The book was awesome, and the last line is an “OMG!” moment that stuck in my head for days. I highly recommend this novel, and I dearly hope there will be another book in the series.

Book Review – London Falling

  • Title: London Falling
  • Author: Paul Cornell
  • Date Reviewed on GoodReads: 04/02/2014

“You with the tentacles, you’re nicked!” ~ Paul Cornell ~ London Falling

The first fifty pages or so of London Falling read like a gritty British police drama. Four cops are working their last night on a long complicated case to catch a gangster. One of the cops is dirty, and the others are just exhausted – knowing if this last desperate try doesn’t work, their funding will be pulled and they won’t be able to continue to pursue Toshack. It’s all or nothing. They catch him, but he dies in police custody in mysterious circumstances.
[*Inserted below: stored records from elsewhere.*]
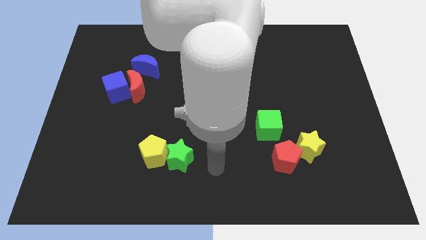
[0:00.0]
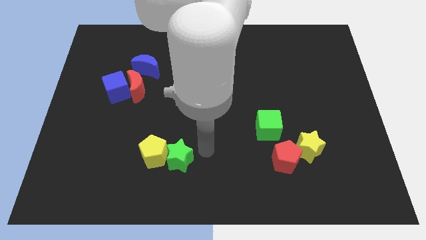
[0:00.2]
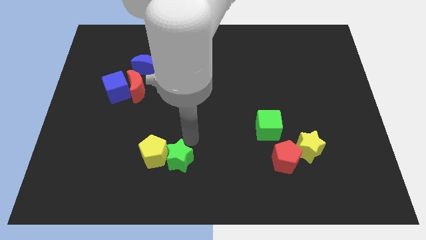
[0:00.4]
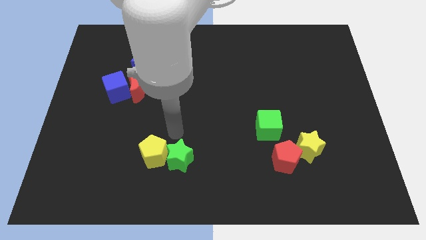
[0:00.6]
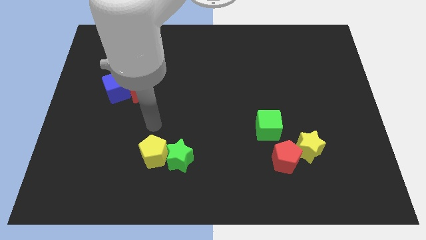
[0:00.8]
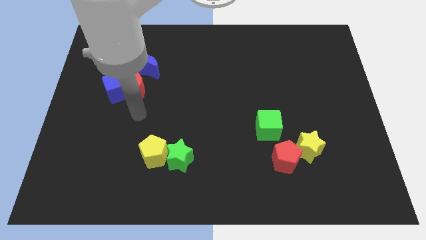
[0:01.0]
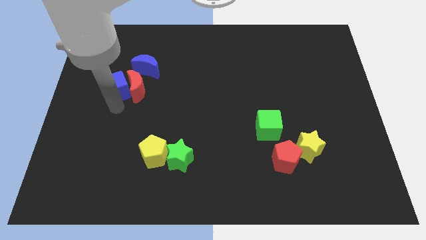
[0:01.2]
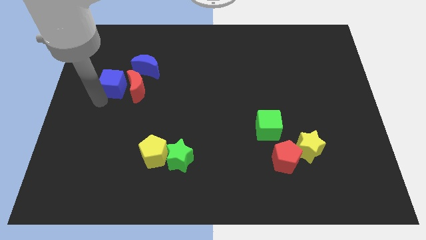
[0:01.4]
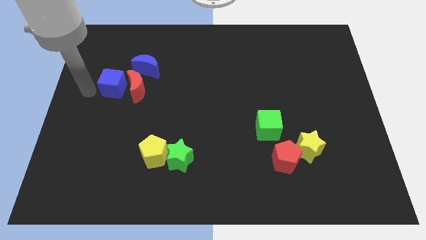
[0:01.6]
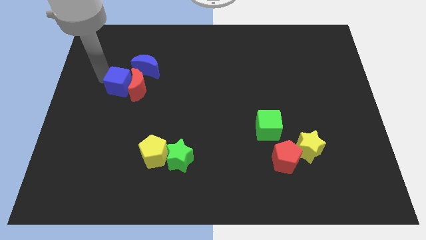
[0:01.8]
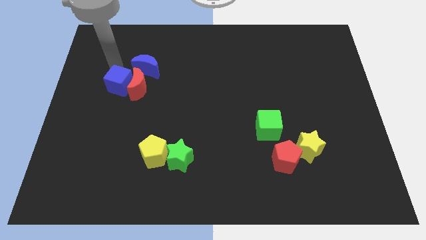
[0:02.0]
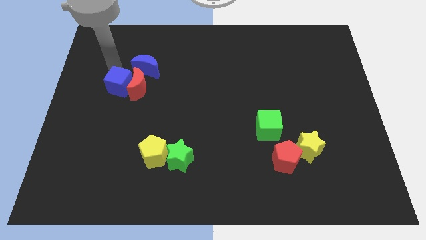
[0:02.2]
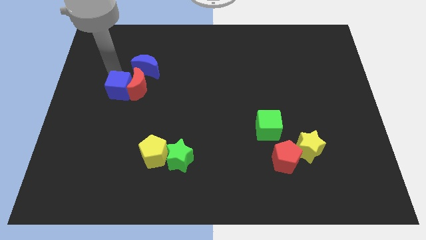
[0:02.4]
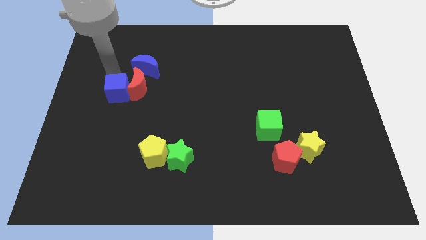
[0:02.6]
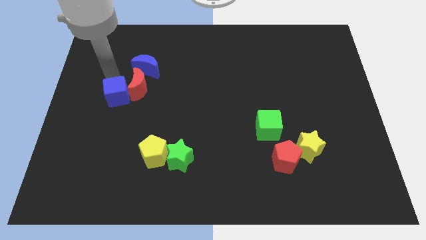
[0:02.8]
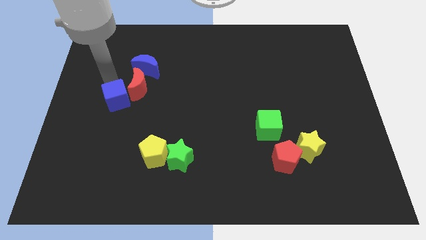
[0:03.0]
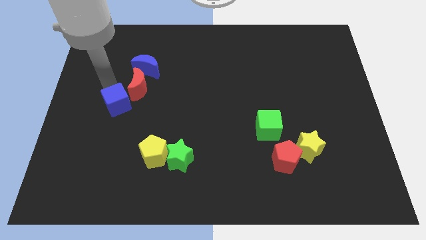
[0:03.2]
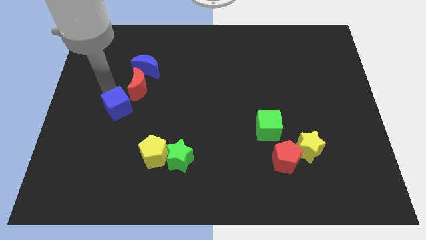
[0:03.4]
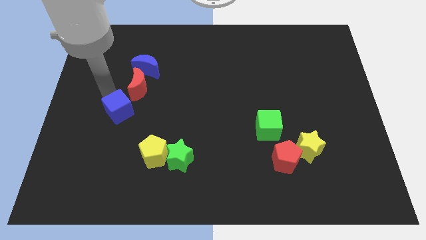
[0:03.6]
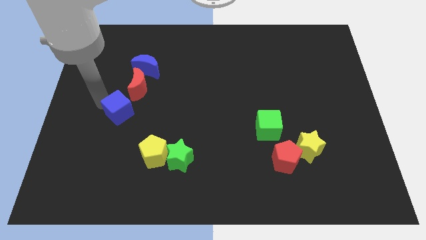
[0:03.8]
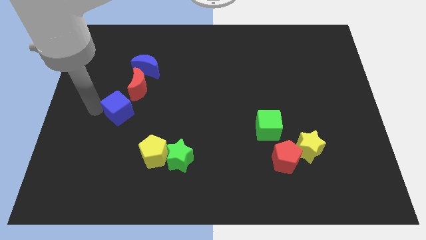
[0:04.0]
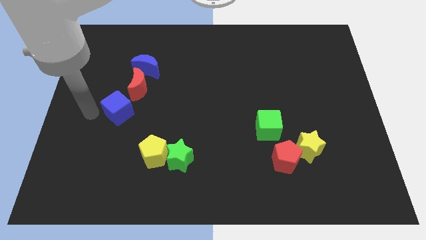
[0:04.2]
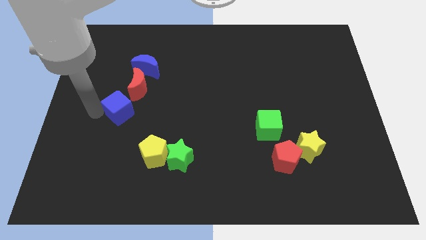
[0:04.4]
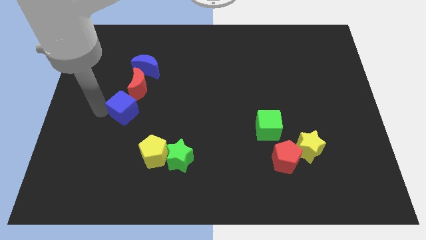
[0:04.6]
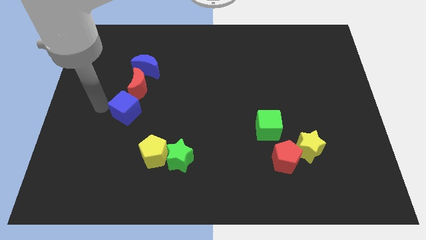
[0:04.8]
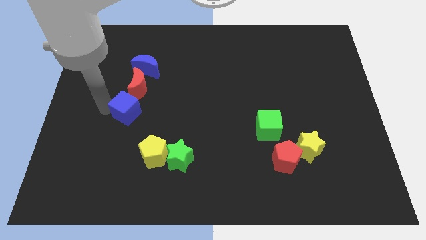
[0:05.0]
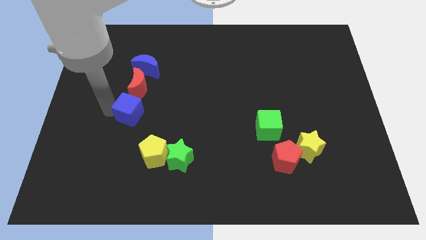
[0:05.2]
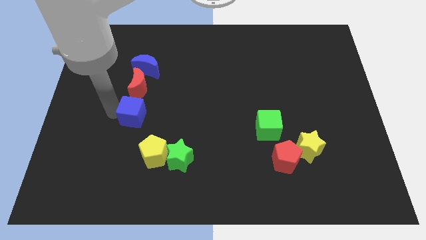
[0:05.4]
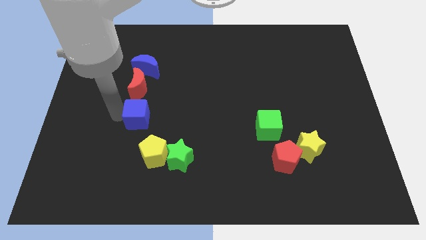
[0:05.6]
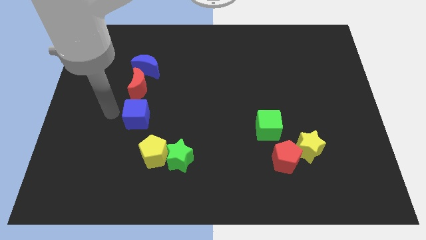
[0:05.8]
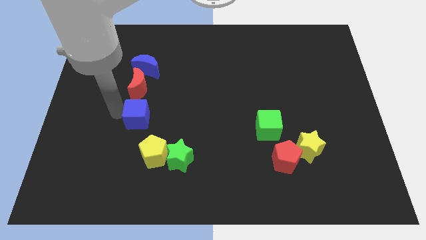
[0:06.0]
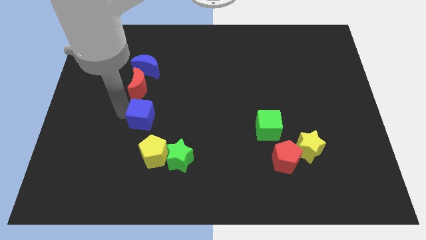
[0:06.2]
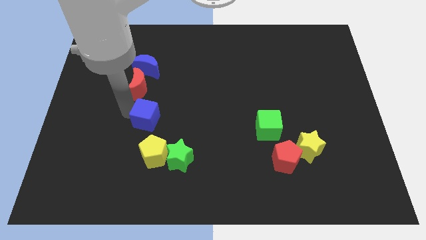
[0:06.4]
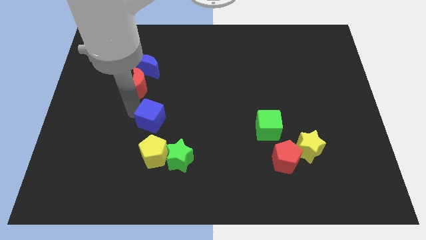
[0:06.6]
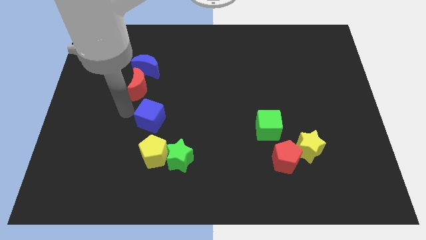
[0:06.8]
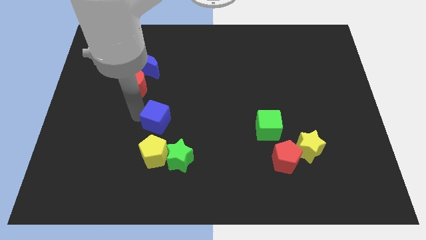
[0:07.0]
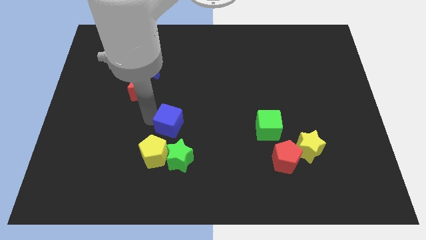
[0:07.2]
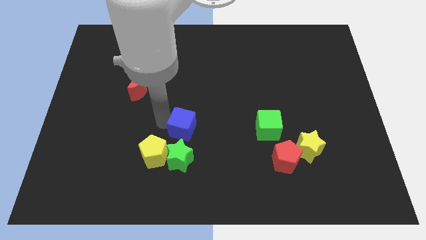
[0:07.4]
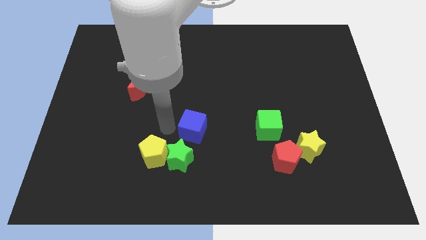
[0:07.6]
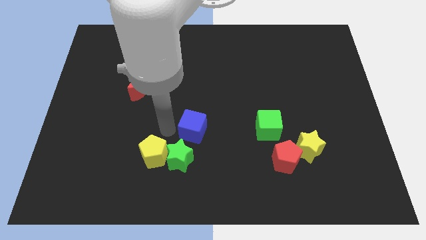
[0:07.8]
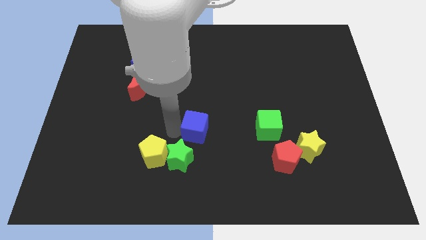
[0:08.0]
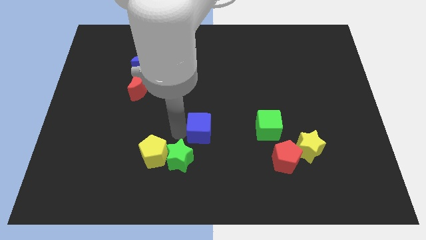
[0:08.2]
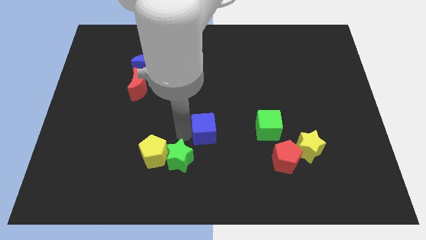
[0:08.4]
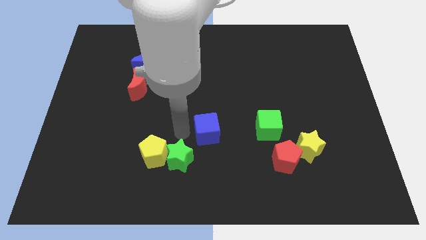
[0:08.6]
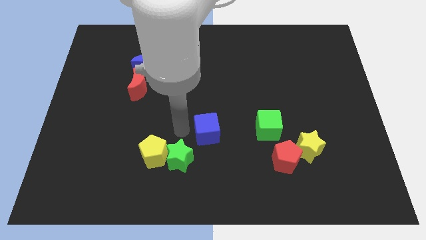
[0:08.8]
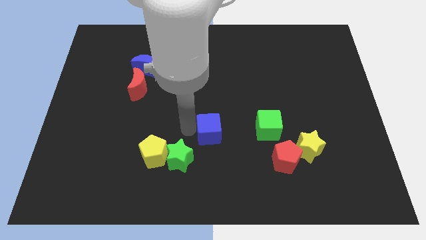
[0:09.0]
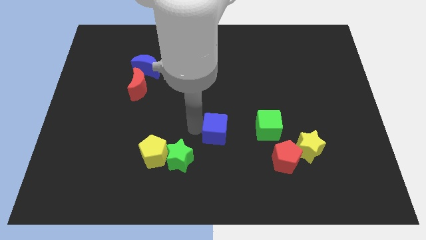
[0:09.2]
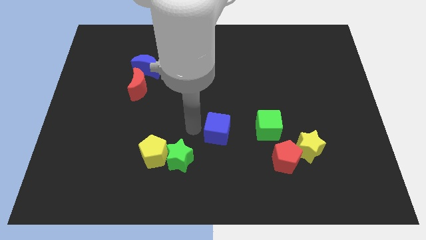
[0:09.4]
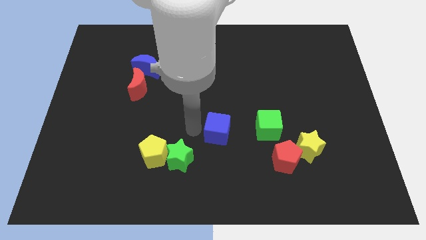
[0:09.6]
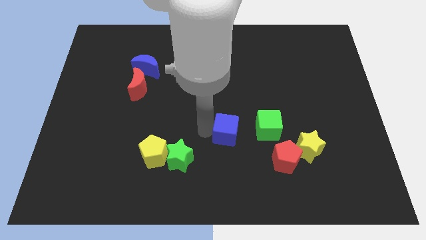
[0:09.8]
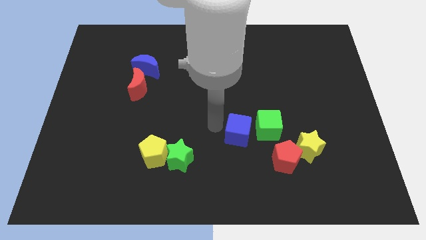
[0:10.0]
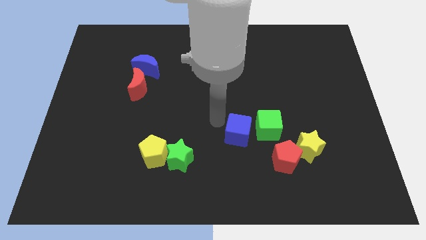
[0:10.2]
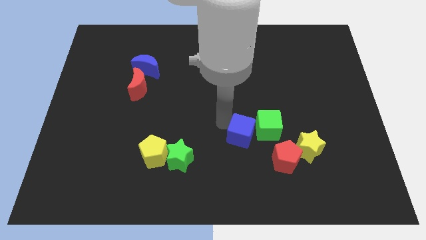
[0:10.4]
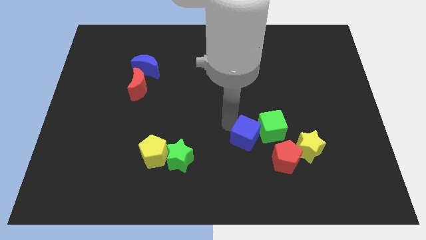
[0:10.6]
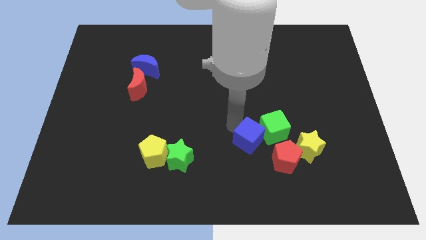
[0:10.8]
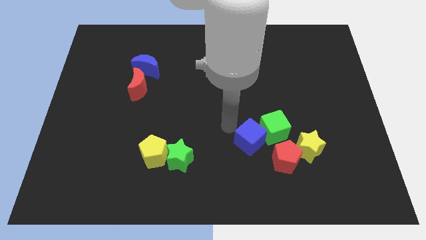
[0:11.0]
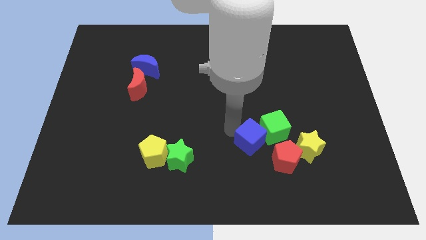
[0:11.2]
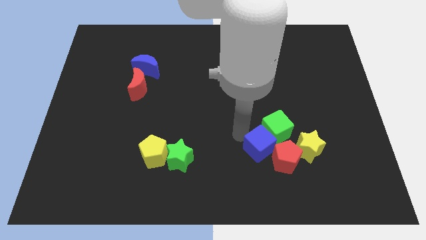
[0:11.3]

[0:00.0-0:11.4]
move the blue cube next to the red pentagon

Circumstances that have nothing to do with the usual suspects of bent coppers. The investigation quickly changes everything as the four cops (one’s an technical analyst) develop The Sight, and end up on a much stranger case.
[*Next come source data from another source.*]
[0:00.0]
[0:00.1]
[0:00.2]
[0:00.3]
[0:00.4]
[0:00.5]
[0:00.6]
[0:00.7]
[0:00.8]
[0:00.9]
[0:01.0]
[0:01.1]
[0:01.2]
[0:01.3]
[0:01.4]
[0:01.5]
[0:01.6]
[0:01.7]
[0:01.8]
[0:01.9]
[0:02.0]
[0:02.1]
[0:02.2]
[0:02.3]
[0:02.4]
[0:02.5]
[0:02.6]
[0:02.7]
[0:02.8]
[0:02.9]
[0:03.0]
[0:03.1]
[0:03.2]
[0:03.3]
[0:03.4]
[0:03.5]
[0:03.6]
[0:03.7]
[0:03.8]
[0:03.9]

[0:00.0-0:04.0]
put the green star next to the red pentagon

Technically, I would give this book three and a half stars. It reads more like horror than fantasy. And, although I liked it – the story was SO dark, at times I just didn’t feel like picking up the book. However, the story does move at a good clip, once it gets going, and I loved the last few chapters.

The end of the book sets up a sequel, which is apparently coming next May. I’ll look forward to it. Much of this novel felt like set-up and introduction, and a full story set in this world with these characters could be really cool.

Oddly enough, when I was reading the book, I thought it would make a great television series. Paul Cornell is nothing if not a visual writer. In the afterword, the author mentions it was originally a television series pitch from “decades ago”.

PS: This movie has nothing whatsoever to do with the recent (2014-2016) apocalyptic disaster film with the same title.